Who I am.

I write about the landscape of grief, nature, and the wisdom of fools. The author of four books, my essays, poems, and reviews have been published in over 50 journals, including in the Huffington Post and Colorado Review. I’ve won the River Teeth Nonfiction Book Award, the Chautauqua and Literal Latte’s essay prizes, and my work has been nominated for four Pushcart Prizes and named a notable by Best American Essays. My account of hiking in Yosemite to deal with my wife’s death, Mountains of Light, was published by the University of Nebraska Press. http://www.markliebenow.com.

Wednesday, June 8, 2016

Living Without the Why


            “Things we lose have a way of coming back to us in the end, 
          if not always in the way we expect.” J.K. Rowling, Harry Potter

Each of us will die. We know this, even if we run from thinking about it. Death isn’t the problem. How we grieve when those we love die is.

Most of us are aware that some people die young, although we may not know the staggering numbers. More people die young than I can reconcile with my previous view of the world as an abundantly happy place to hang out.


Something Caitlin Doughty said changed my focus: ‘If we’re unburdened by the existential questions of why someone died, then we are free to focus on grief.’

            After 15 years of searching, writing, and talking to others, I am no closer to understanding the why of Evelyn’s death. To me it’s still senseless. There was no reason that Ev needed to die. There was no meaning to her death. No purpose was fulfilled by her dying. She just died, and it still doesn’t seem right. For some people, the why is half of their battle with grief.

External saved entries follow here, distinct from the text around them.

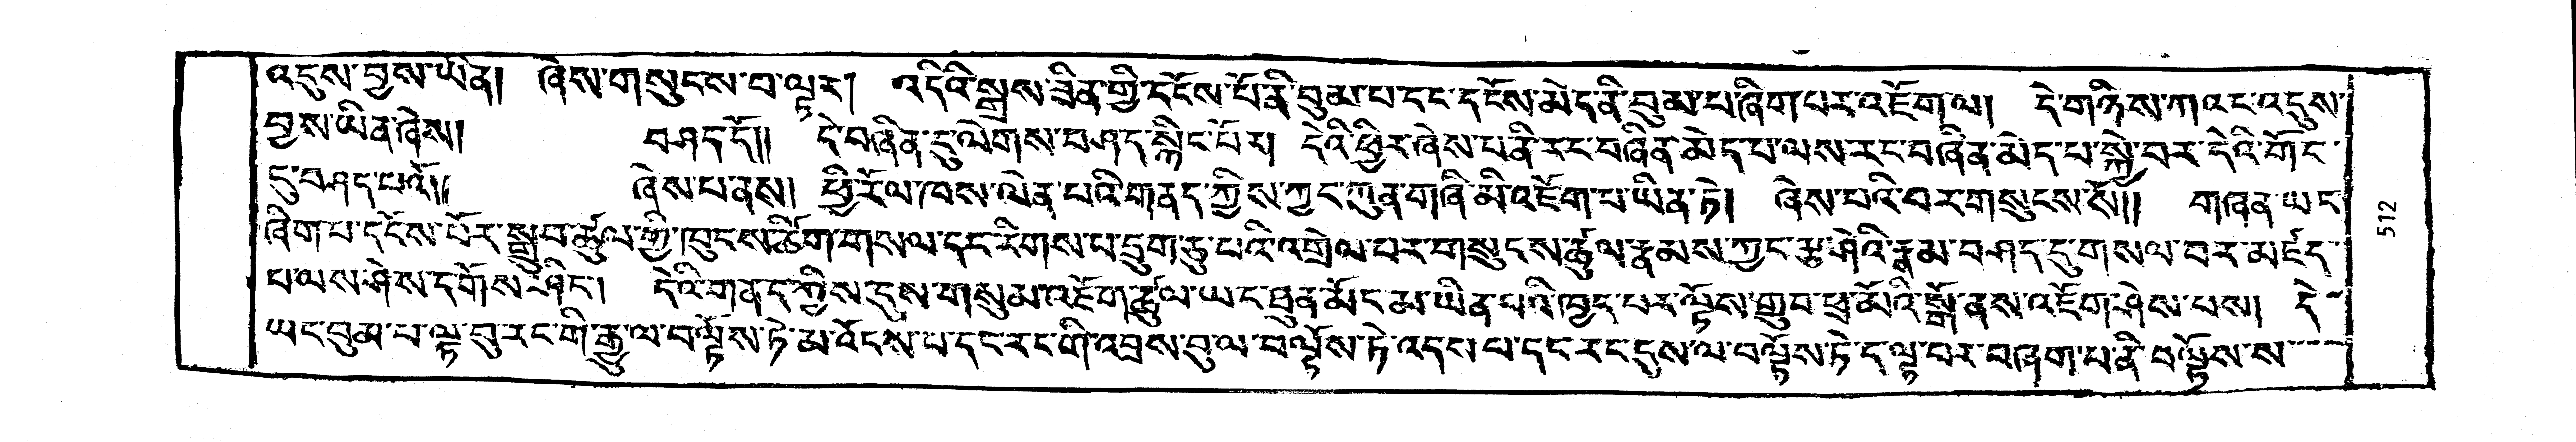འདུས་བྱས་ཡིན། ཞེས་གསུངས་པ་ལྟར། འདིའི་སྒྲས་ཟིན་གྱི་དངོས་པོ་ནི་བུམ་པ་དང་དངོས་མེད་ནི་བུམ་པ་ཞིག་པར་འཇོག་ལ། དེ་གཉིས་ཀའང་འདུས་
བྱས་ཡིན་ཞེས། བཤད་དོ།། དེ་བཞིན་དུ་ལེགས་བཤད་སྙིང་པོར། དེའི་ཕྱིར་ཞེས་པ་ནི་རང་བཞིན་མེད་པ་ལས་རང་བཞིན་མེད་པ་སྐྱེ་བར་དེའི་གོང་
དུ་བཤད་པའོ། །ཞེས་པ་ནས། ཕྱི་རོལ་ཁས་ལེན་པའི་གནད་ཀྱིས་ཀྱང་ཀུན་གཞི་མི་འཇོག་པ་ཡིན་ཏེ། ཞེས་པའི་བར་གསུངས་སོ། །གཞན་ཡང་
ཞིག་པ་དངོས་པོར་སྒྲུབ་ཚུལ་གྱི་ཁུངས་ཚིག་གསལ་དང་རིགས་པ་དྲུག་ཅུ་པའི་འགྲེལ་པར་གསུངས་ཚུལ་རྣམས་ཀྱང་རྩ་ཤེའི་རྣམ་བཤད་དུ་གསལ་བར་མཛད་
པ་ལས་ཤེས་དགོས་ཤིང་། དེའི་གནད་ཀྱིས་དུས་གསུམ་འཇོག་ཚུལ་ཡང་ཐུན་མོང་མ་ཡིན་པའི་ཁྱད་པར་ལྟོས་གྲུབ་ཕྲ་མོའི་སྒོ་ནས་འཇོག་ཤེས་པས། དེ་
ཡང་བུམ་པ་ལྟ་བུ་རང་གི་རྒྱུ་ལ་བལྟོས་ཏེ་མ་འོངས་པ་དང་རང་གི་འབྲས་བུ་ལ་བལྟོས་ཏེ་འདས་པ་དང་རང་དུས་ལ་བལྟོས་ཏེ་ད་ལྟ་བར་བཞག་པ་ནི་བལྟོས་ས་

            After the Why, comes the Where that we like to speculate about late into the night. I am also no closer to understanding where Evelyn resides post-death, even though I’ve considered a warehouse of beliefs and notions about heaven, the afterlife, and the next world that people, philosophers, poets and theologians have spoken, written and pontificated about over the centuries. I have my wishes, but I doubt that the Eternal is swayed by them. 

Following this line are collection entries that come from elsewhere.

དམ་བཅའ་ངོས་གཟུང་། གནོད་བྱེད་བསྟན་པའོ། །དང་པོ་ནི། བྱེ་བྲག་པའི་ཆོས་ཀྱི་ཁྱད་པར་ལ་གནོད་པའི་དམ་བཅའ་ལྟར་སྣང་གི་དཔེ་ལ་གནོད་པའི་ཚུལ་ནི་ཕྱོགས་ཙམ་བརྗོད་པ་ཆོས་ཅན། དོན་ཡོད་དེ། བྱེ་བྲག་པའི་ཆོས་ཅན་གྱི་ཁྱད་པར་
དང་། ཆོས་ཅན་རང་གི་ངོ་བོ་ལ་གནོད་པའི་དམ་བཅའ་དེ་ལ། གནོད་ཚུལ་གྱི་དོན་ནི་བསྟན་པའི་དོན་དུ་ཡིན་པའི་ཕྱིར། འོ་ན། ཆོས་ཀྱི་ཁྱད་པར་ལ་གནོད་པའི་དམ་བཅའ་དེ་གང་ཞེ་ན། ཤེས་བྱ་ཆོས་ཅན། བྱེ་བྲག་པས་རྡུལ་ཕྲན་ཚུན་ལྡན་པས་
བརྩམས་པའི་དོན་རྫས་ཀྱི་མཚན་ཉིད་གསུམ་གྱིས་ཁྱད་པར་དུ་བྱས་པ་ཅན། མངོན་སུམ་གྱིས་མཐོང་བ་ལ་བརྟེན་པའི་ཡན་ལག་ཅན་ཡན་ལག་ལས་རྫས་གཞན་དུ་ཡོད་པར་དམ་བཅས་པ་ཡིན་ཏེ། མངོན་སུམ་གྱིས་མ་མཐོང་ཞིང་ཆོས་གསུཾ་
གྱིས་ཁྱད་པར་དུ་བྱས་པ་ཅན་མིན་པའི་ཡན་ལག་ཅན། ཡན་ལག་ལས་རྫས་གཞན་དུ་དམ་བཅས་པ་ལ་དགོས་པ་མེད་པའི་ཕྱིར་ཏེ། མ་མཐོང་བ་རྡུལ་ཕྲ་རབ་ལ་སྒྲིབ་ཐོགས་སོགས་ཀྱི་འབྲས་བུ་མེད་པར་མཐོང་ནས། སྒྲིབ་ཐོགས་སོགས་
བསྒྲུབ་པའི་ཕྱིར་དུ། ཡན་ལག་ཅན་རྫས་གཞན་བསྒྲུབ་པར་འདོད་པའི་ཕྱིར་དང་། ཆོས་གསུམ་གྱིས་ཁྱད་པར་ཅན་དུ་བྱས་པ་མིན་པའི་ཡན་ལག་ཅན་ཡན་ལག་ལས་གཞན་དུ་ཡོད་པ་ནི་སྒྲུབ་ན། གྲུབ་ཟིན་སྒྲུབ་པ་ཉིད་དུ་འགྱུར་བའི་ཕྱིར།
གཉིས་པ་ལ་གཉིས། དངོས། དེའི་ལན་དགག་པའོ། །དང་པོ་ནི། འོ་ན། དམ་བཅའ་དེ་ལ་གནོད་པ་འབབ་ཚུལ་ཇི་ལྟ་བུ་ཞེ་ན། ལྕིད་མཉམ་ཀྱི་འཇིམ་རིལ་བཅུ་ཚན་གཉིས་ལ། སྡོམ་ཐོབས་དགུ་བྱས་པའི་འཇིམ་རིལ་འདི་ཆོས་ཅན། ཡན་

            Letting go of the Why, the Where, and ruminations of the Ever Forever After, allows me to focus on getting through grief and piecing life back together in a way that enables me to continue living, even if my heart isn’t in it in the beginning. Besides lighting candles to guide Ev to her destination, and saying prayers of intercession, dealing with grief is the only situation I can change.

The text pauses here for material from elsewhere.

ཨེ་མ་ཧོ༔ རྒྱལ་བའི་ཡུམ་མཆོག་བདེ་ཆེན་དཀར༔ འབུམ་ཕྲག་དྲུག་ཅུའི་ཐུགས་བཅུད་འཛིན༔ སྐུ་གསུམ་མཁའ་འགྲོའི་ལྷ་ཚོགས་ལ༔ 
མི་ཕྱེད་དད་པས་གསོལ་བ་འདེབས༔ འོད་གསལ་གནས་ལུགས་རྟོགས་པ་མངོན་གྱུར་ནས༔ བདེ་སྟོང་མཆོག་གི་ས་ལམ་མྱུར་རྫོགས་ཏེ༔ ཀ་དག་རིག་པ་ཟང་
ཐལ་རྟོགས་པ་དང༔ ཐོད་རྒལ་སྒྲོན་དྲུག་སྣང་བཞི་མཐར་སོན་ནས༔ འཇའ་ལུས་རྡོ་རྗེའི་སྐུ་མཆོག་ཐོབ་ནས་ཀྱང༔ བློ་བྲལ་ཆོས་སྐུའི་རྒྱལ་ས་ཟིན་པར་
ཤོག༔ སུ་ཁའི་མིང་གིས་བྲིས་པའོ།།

            What the early deaths, the young deaths, the out-of-sequence deaths make clear is that any of us can die at any time. It also says that precious few of us will die peacefully in bed, drifting off into the nether sphere with a bemused smile on our face. Most of us won’t die a noble death in the course of saving someone else or for a just cause. We will probably be in a car accident, or develop a horrible and debilitating disease, or simply slip on a rug, hit our heads, and its night night for all time, sweet prince. 

            What this says is that I have today to deal with today’s grief and care for others. Tomorrow will have its own set of problems and its own grief. If today’s grief hasn’t been dealt with, then tomorrow I will have two days’ worth. Grief doesn’t go away until we deal with it, but it does compound with interest.

            Tomorrow needs to be its own creation, and not filled with the residue of today. Tomorrow there will be surprises, and if we are finished with today, then we will be open to them. If we’re lucky, we will have days upon days to love our people and explore brave new worlds.